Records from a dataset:
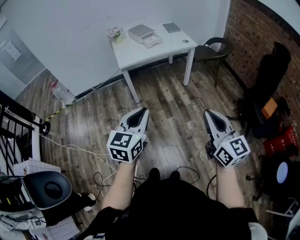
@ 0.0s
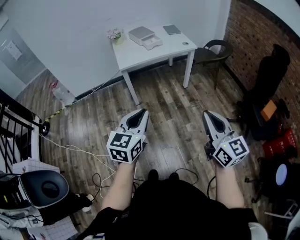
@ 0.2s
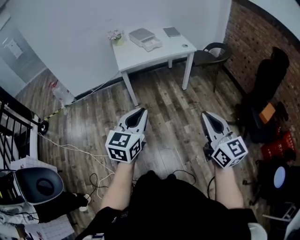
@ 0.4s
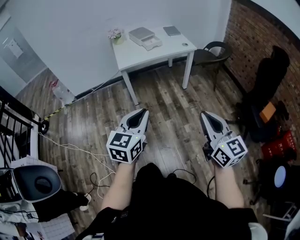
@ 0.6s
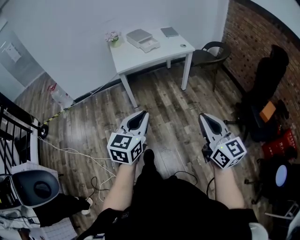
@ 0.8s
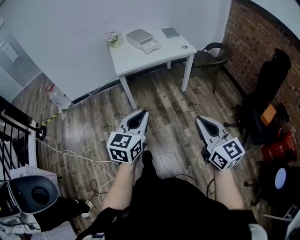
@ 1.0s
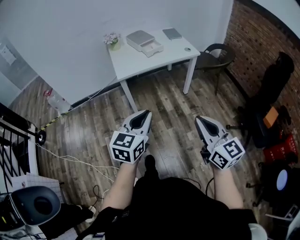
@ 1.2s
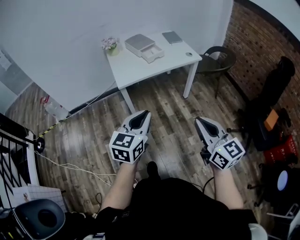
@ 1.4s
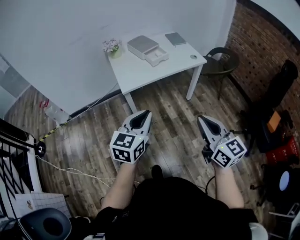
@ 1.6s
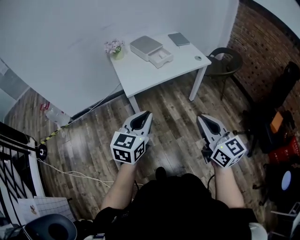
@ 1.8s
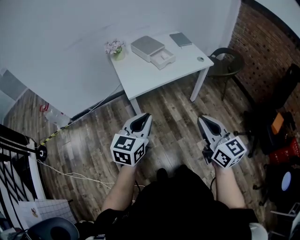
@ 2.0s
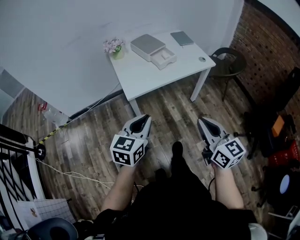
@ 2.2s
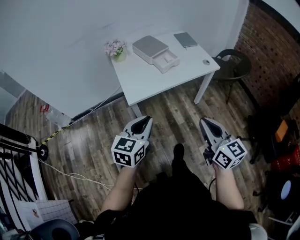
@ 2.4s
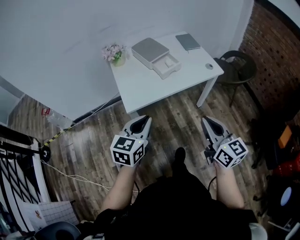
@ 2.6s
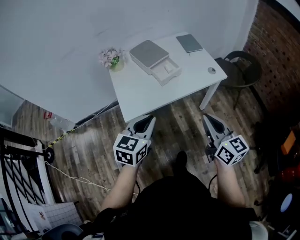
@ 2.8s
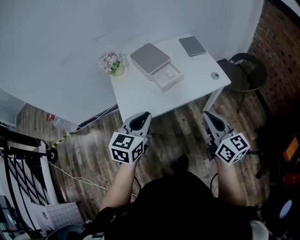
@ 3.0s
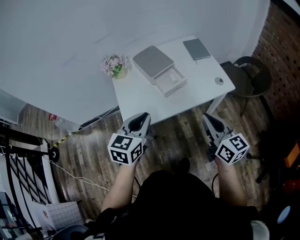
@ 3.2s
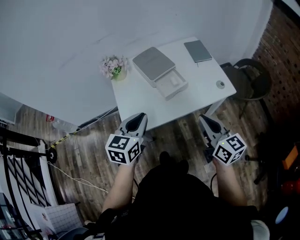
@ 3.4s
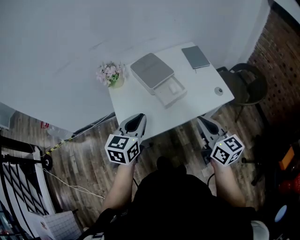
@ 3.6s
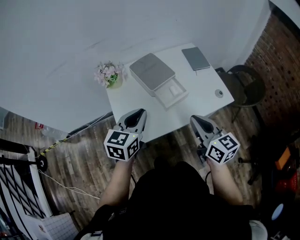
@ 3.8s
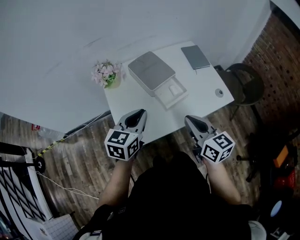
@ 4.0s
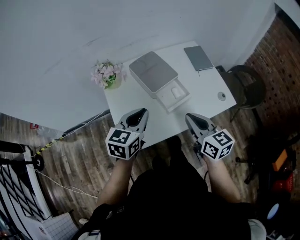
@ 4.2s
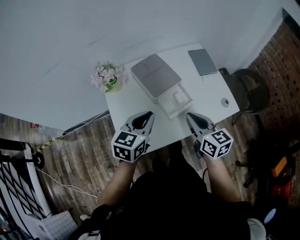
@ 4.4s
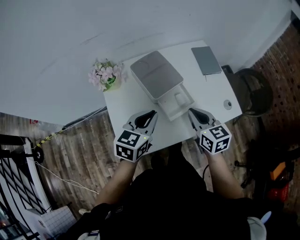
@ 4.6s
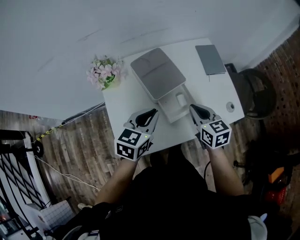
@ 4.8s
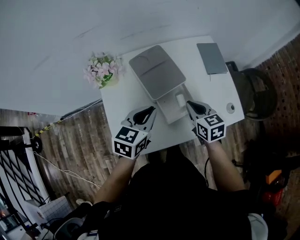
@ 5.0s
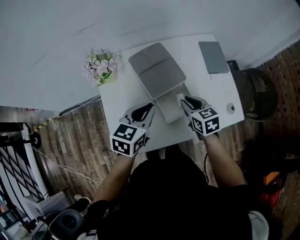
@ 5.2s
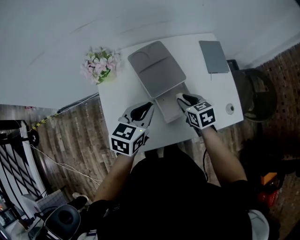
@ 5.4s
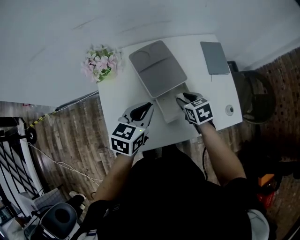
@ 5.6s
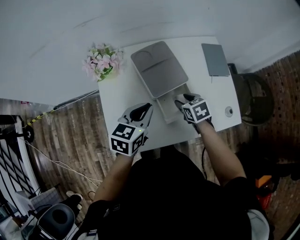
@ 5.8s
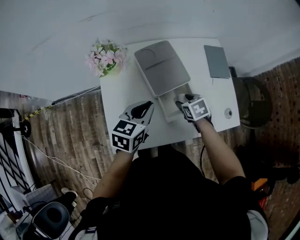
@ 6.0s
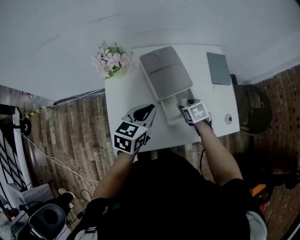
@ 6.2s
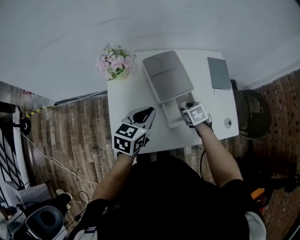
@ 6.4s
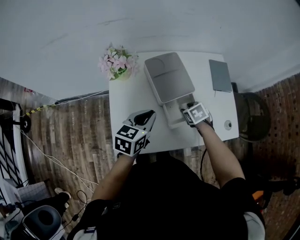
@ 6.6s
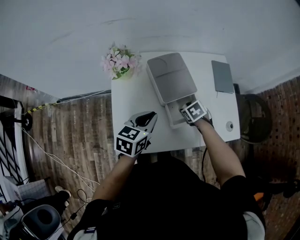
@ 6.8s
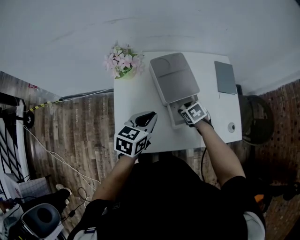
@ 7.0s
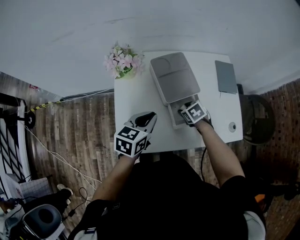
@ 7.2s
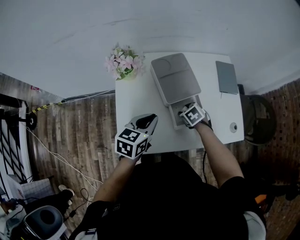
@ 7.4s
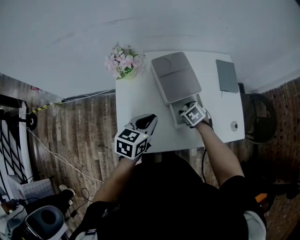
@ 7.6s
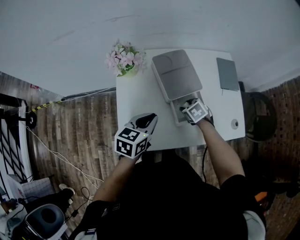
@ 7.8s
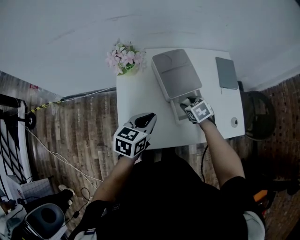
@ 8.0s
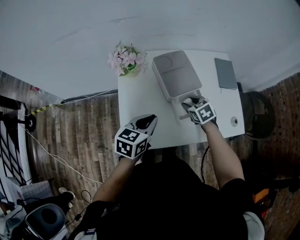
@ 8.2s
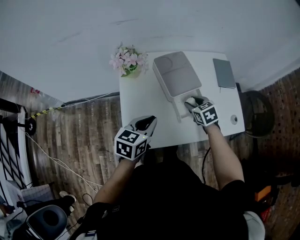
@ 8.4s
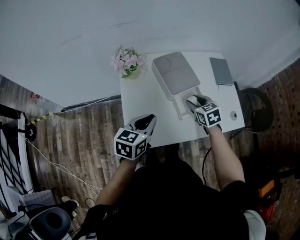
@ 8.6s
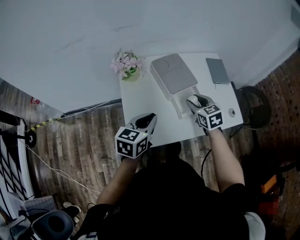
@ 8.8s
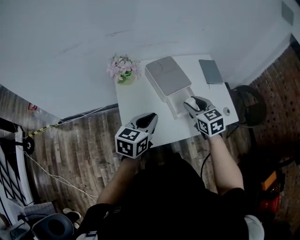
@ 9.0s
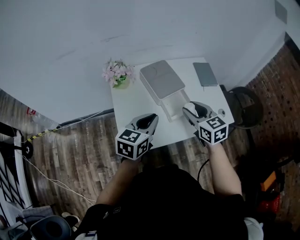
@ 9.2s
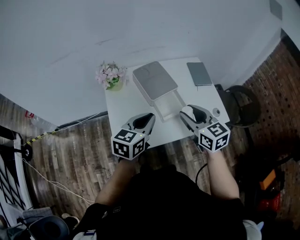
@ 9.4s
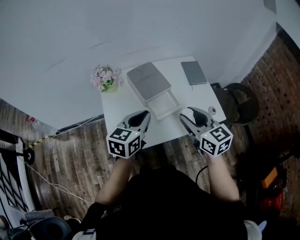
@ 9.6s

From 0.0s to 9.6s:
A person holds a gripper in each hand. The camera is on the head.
From 0.0s to 1.6s: The right gripper is displaced forward and to the left by roughly 25 cm. Meanwhile the left gripper heads forward, covering roughly 25 cm.
From 1.6s to 3.2s: Both grippers move forward, roughly 40 cm.
From 3.2s to 4.8s: The right gripper is displaced forward and downward by roughly 30 cm, and swivels about 30 degrees. Meanwhile the left gripper moves forward, roughly 25 cm.
From 4.8s to 6.4s: The left gripper ends up approximately 5 cm from where it was; the right gripper moves downward, some 15 cm, angles its fingers downward, by some 40 degrees, and opens up.
From 6.4s to 8.0s: The left gripper moves approximately 5 cm, while the right gripper heads to the left, covering approximately 5 cm.
From 8.0s to 9.6s: The right gripper is displaced upward and backward by about 30 cm, and tips its fingers upward by some 40 degrees. The left gripper moves upward, to the right and backward, some 15 cm.

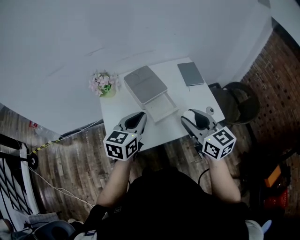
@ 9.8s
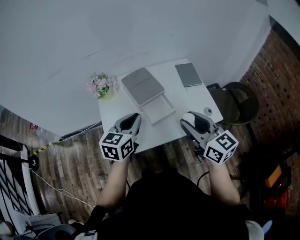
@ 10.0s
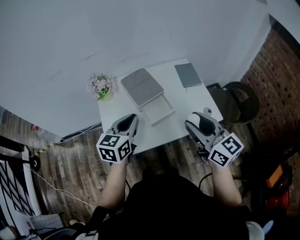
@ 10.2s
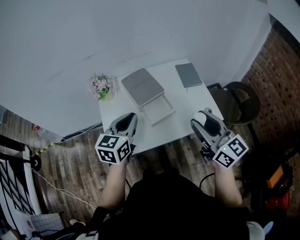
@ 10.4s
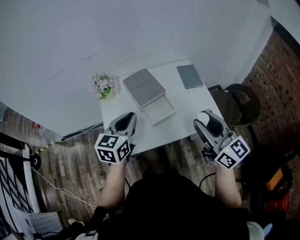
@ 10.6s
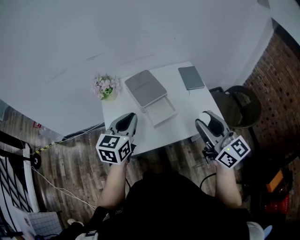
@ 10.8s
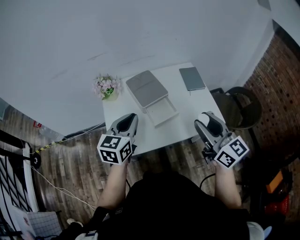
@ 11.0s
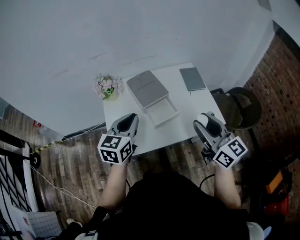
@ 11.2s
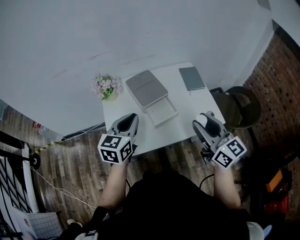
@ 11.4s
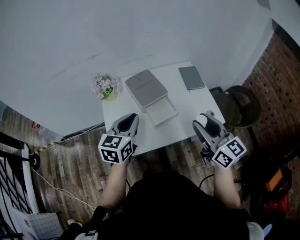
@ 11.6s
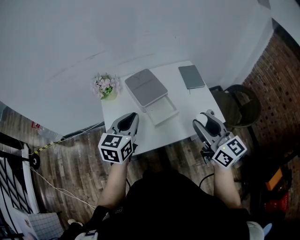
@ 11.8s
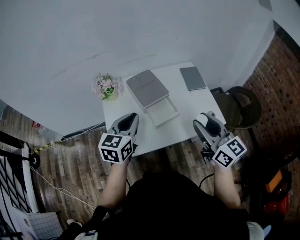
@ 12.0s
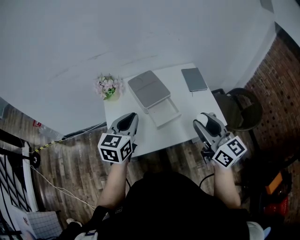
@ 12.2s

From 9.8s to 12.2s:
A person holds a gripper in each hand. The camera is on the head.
From 9.8s to 11.0s: The right gripper moves upward, approximately 5 cm.
From 11.0s to 12.2s: The grippers move only a little.

_DIRECTIONS_
Where the data contains images, drop them and print the rest exactly.

_ANSWER TO THIS PROBLEM_
@ 0.0s
@ 0.2s
@ 0.4s
@ 0.6s
@ 0.8s
@ 1.0s
@ 1.2s
@ 1.4s
@ 1.6s
@ 1.8s
@ 2.0s
@ 2.2s
@ 2.4s
@ 2.6s
@ 2.8s
@ 3.0s
@ 3.2s
@ 3.4s
@ 3.6s
@ 3.8s
@ 4.0s
@ 4.2s
@ 4.4s
@ 4.6s
@ 4.8s
@ 5.0s
@ 5.2s
@ 5.4s
@ 5.6s
@ 5.8s
@ 6.0s
@ 6.2s
@ 6.4s
@ 6.6s
@ 6.8s
@ 7.0s
@ 7.2s
@ 7.4s
@ 7.6s
@ 7.8s
@ 8.0s
@ 8.2s
@ 8.4s
@ 8.6s
@ 8.8s
@ 9.0s
@ 9.2s
@ 9.4s
@ 9.6s

From 0.0s to 9.6s:
A person holds a gripper in each hand. The camera is on the head.
From 0.0s to 1.6s: The right gripper is displaced forward and to the left by roughly 25 cm. Meanwhile the left gripper heads forward, covering roughly 25 cm.
From 1.6s to 3.2s: Both grippers move forward, roughly 40 cm.
From 3.2s to 4.8s: The right gripper is displaced forward and downward by roughly 30 cm, and swivels about 30 degrees. Meanwhile the left gripper moves forward, roughly 25 cm.
From 4.8s to 6.4s: The left gripper ends up approximately 5 cm from where it was; the right gripper moves downward, some 15 cm, angles its fingers downward, by some 40 degrees, and opens up.
From 6.4s to 8.0s: The left gripper moves approximately 5 cm, while the right gripper heads to the left, covering approximately 5 cm.
From 8.0s to 9.6s: The right gripper is displaced upward and backward by about 30 cm, and tips its fingers upward by some 40 degrees. The left gripper moves upward, to the right and backward, some 15 cm.

@ 9.8s
@ 10.0s
@ 10.2s
@ 10.4s
@ 10.6s
@ 10.8s
@ 11.0s
@ 11.2s
@ 11.4s
@ 11.6s
@ 11.8s
@ 12.0s
@ 12.2s

From 9.8s to 12.2s:
A person holds a gripper in each hand. The camera is on the head.
From 9.8s to 11.0s: The right gripper moves upward, approximately 5 cm.
From 11.0s to 12.2s: The grippers move only a little.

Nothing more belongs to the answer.